WORK ITEM: Nothing but the lines from the first line of the records below to the line holding "STEP processor 7.6','zahnriemen24','Unknown');" belongs in the answer, copied exactly and without pictures.
════
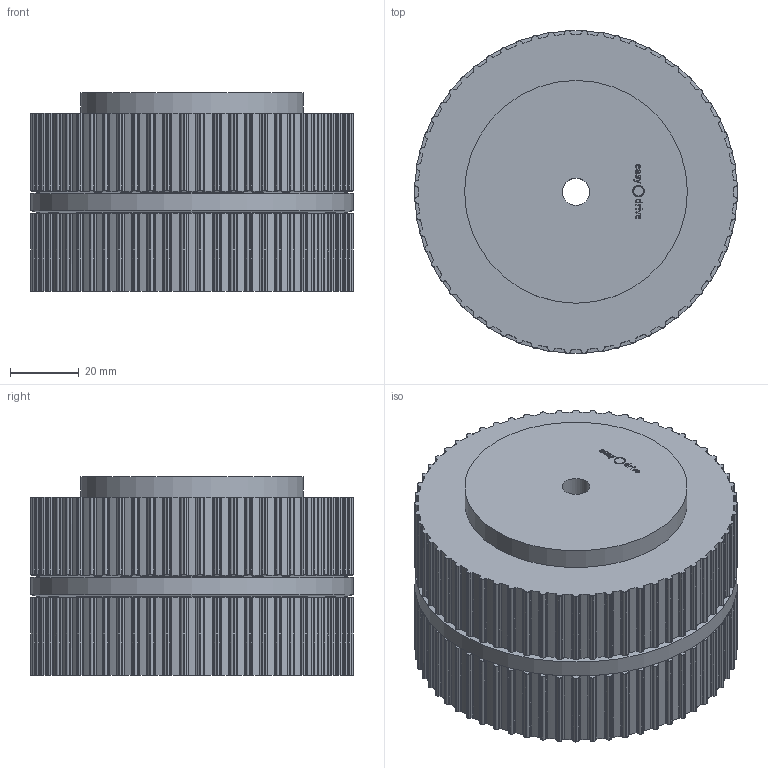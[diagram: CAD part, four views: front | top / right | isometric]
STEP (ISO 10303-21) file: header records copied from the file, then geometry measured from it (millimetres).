
FILE_DESCRIPTION(('zahnriemen24 Model'),'2;1');
FILE_NAME('zahnriemen24 Shape Model','2022-11-24T12:14:13',('Author'),( ''),'zahnriemen24 STEP processor 7.6','zahnriemen24','Unknown');
FILE_SCHEMA(('AUTOMOTIVE_DESIGN { 1 0 10303 214 1 1 1 1 }'));
Length unit declared in the file: millimetre
Products named in the file (3): zahnriemenscheibe_easydrive; Body_Rille_Mittelkranz; Easydrive
Assembly tree (3 placements, depth 2):
  zahnriemenscheibe_easydrive
    Body_Rille_Mittelkranz  x2
    Easydrive
Bounding box: 94.27 x 94.27 x 58 mm (x, y, z)
Volume: 377145.5 mm3; surface area: 48080.3 mm2
Topology: 3 solids, 3 shells, 1171 faces, 3912 edges, 2766 vertices
Faces by surface type: cylinder 727, plane 265, extrusion 173, cone 6
Full cylindrical faces by diameter (mm): 8 x1, 65 x1, 84.27 x3, 94.27 x2
Entity records: 112201 total; most frequent: CARTESIAN_POINT 38384, DIRECTION 12533, ORIENTED_EDGE 7804, PCURVE 7804, DEFINITIONAL_REPRESENTATION 7804, VECTOR 6428, LINE 6255, EDGE_CURVE 3902
════
ANSWER TO THIS TASK:
[diagram: CAD part, four views: front | top / right | isometric]
STEP (ISO 10303-21) file: header records copied from the file, then geometry measured from it (millimetres).
FILE_DESCRIPTION(('zahnriemen24 Model'),'2;1');
FILE_NAME('zahnriemen24 Shape Model','2022-11-24T12:14:13',('Author'),( ''),'zahnriemen24 STEP processor 7.6','zahnriemen24','Unknown');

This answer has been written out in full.